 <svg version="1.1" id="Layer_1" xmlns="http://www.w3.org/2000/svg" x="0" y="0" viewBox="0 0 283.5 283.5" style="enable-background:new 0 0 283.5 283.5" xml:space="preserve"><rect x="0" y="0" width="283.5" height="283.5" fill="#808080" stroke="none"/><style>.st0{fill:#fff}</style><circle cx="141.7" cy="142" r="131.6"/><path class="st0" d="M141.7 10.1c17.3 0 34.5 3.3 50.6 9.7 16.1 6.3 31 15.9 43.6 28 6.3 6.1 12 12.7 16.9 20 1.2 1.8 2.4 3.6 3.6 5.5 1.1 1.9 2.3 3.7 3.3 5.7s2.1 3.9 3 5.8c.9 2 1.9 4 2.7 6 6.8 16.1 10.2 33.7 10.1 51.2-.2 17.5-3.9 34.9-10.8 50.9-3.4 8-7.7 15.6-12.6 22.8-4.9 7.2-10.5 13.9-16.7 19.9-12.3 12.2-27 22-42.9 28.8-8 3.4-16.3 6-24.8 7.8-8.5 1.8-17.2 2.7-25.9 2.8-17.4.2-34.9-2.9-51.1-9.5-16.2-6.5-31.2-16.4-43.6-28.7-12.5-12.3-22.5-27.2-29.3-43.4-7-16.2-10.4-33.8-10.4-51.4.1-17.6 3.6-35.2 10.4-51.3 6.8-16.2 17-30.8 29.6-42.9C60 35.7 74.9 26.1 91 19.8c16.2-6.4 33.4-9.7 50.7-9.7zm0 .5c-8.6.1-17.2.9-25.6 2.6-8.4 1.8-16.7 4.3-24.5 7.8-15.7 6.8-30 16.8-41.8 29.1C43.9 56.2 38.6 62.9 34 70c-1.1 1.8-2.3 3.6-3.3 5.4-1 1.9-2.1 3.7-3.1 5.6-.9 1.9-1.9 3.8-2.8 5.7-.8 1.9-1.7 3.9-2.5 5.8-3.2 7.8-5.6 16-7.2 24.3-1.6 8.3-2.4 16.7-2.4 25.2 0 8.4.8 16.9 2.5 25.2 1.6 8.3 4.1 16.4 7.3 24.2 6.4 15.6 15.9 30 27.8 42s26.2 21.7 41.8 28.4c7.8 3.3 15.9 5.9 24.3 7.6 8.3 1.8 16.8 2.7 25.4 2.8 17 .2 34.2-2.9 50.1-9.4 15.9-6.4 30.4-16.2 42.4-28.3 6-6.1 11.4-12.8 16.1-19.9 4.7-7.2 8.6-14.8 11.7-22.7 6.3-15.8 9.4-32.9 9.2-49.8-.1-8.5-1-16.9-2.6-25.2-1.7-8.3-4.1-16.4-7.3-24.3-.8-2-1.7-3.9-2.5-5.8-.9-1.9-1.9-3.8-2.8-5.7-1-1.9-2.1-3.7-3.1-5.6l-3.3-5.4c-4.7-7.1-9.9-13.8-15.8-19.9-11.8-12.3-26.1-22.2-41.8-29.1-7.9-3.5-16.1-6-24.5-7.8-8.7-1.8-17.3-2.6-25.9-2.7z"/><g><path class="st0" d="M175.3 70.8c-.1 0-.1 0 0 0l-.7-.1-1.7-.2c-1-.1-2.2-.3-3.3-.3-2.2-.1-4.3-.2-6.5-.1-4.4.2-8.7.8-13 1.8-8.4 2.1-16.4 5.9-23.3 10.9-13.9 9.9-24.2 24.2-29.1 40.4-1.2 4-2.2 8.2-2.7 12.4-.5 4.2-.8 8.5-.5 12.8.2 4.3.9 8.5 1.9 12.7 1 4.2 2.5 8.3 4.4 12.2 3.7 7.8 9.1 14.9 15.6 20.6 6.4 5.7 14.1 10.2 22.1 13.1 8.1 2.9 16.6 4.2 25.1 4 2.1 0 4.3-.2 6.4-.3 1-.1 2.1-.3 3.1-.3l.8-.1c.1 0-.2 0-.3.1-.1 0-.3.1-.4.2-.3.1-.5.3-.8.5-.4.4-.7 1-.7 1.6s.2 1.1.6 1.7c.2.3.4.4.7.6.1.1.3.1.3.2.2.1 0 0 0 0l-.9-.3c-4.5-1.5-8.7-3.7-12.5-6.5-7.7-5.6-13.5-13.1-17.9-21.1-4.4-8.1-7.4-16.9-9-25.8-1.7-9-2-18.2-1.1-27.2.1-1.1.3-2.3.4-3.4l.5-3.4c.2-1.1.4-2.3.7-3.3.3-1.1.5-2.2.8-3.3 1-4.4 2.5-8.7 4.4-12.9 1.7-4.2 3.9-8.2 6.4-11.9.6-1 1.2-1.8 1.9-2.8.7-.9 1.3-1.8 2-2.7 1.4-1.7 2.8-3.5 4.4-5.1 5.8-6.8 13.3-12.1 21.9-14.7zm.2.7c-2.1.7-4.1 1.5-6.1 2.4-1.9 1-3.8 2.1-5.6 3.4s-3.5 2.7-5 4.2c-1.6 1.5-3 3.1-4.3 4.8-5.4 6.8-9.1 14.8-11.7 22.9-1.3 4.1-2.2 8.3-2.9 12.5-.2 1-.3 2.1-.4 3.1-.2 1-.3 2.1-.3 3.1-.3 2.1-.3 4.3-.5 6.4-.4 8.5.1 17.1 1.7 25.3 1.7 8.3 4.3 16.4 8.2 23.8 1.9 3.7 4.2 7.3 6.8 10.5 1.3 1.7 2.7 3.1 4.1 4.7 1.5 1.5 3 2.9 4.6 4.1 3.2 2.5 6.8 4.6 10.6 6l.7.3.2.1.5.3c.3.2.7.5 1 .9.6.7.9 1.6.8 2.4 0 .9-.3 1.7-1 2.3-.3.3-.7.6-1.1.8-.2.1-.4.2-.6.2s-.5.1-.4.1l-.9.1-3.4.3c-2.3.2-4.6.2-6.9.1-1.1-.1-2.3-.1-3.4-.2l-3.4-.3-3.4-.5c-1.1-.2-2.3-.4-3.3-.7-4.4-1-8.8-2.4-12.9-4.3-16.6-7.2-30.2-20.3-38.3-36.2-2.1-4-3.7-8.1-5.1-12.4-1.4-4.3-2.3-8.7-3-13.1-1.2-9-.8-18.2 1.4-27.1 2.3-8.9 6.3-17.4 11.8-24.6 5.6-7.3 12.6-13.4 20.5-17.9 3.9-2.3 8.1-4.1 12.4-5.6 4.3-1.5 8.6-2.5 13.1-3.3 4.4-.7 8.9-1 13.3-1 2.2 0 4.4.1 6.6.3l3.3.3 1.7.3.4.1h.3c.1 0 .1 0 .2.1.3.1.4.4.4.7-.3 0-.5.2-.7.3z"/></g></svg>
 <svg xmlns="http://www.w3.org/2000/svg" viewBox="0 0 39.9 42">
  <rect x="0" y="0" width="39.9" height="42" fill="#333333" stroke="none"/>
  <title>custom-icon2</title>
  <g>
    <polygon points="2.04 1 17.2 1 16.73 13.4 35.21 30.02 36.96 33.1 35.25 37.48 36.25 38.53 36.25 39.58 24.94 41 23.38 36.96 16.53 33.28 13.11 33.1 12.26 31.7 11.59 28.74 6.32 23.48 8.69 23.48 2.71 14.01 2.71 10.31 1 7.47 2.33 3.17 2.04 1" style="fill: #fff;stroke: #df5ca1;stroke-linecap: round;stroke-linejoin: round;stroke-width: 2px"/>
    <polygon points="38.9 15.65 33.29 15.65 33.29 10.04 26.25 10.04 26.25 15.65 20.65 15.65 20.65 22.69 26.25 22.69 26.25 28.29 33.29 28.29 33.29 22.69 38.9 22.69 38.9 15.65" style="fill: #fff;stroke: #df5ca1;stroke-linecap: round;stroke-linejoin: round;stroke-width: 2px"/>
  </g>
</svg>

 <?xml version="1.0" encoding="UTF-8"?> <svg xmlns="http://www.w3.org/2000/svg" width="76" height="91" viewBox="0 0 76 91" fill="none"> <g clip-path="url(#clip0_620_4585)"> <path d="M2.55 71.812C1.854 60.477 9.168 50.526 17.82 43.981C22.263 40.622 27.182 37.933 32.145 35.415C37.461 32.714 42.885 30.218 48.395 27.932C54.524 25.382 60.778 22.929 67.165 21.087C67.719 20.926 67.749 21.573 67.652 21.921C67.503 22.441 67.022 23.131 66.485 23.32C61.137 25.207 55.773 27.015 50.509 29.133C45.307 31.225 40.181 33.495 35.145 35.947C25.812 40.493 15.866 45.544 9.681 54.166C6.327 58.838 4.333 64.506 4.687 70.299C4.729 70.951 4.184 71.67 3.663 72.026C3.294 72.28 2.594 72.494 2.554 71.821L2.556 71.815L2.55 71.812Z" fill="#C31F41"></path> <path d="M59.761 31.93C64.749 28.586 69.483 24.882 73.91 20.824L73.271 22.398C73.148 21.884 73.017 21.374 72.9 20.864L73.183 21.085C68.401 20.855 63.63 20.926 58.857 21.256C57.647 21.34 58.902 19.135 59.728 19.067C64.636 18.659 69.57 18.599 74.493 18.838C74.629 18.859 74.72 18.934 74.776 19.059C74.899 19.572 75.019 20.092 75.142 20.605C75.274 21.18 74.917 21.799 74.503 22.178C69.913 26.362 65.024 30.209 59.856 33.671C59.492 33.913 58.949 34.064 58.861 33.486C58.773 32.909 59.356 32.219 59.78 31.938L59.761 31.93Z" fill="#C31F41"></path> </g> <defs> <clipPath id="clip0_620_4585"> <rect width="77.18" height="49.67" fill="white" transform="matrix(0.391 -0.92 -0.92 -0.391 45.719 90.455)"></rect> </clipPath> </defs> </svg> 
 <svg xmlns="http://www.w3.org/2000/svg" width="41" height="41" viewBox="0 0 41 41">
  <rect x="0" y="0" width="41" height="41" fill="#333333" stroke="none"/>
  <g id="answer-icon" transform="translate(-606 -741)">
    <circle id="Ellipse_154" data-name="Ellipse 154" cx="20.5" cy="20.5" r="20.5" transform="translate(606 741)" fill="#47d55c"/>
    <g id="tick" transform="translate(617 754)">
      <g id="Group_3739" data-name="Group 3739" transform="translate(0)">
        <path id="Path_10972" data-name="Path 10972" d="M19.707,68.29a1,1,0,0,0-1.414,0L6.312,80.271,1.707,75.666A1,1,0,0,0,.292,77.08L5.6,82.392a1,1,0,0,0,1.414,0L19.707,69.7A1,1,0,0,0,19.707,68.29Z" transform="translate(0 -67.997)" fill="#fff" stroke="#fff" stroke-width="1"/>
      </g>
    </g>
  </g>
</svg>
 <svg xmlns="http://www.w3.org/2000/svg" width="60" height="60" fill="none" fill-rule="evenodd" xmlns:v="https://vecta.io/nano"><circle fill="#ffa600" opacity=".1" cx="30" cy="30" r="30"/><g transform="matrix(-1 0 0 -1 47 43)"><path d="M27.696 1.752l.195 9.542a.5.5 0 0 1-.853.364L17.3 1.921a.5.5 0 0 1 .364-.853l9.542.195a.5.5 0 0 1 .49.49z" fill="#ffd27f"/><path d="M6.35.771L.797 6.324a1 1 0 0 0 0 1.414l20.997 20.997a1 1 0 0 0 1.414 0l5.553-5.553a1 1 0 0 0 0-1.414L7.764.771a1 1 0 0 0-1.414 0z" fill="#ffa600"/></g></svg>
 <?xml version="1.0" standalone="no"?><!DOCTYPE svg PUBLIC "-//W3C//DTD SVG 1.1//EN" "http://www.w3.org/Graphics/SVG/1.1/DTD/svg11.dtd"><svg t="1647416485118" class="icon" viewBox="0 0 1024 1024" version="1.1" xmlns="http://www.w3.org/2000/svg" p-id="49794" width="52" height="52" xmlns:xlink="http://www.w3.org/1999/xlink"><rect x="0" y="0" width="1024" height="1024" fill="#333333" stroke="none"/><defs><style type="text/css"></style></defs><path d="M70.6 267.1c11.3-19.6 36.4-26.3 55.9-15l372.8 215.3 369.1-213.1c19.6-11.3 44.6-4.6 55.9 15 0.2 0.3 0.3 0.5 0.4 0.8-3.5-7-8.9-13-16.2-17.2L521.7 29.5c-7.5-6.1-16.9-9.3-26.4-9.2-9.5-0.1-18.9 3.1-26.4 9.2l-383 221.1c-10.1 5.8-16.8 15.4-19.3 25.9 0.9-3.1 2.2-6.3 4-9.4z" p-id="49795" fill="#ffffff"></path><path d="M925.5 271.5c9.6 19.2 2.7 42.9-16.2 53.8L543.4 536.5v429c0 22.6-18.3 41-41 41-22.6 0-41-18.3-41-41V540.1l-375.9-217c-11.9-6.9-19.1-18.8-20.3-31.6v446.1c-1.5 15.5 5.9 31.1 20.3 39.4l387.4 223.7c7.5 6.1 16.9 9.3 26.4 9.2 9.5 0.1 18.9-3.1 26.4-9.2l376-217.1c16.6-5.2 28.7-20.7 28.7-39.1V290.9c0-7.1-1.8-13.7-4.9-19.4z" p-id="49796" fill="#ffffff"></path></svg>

----------------

_Problem to solve_
Lines with "linejoin": find them in the data and copy each one.

_Response for this exercise_
    <polygon points="2.04 1 17.2 1 16.73 13.4 35.21 30.02 36.96 33.1 35.25 37.48 36.25 38.53 36.25 39.58 24.94 41 23.38 36.96 16.53 33.28 13.11 33.1 12.26 31.7 11.59 28.74 6.32 23.48 8.69 23.48 2.71 14.01 2.71 10.31 1 7.47 2.33 3.17 2.04 1" style="fill: #fff;stroke: #df5ca1;stroke-linecap: round;stroke-linejoin: round;stroke-width: 2px"/>
    <polygon points="38.9 15.65 33.29 15.65 33.29 10.04 26.25 10.04 26.25 15.65 20.65 15.65 20.65 22.69 26.25 22.69 26.25 28.29 33.29 28.29 33.29 22.69 38.9 22.69 38.9 15.65" style="fill: #fff;stroke: #df5ca1;stroke-linecap: round;stroke-linejoin: round;stroke-width: 2px"/>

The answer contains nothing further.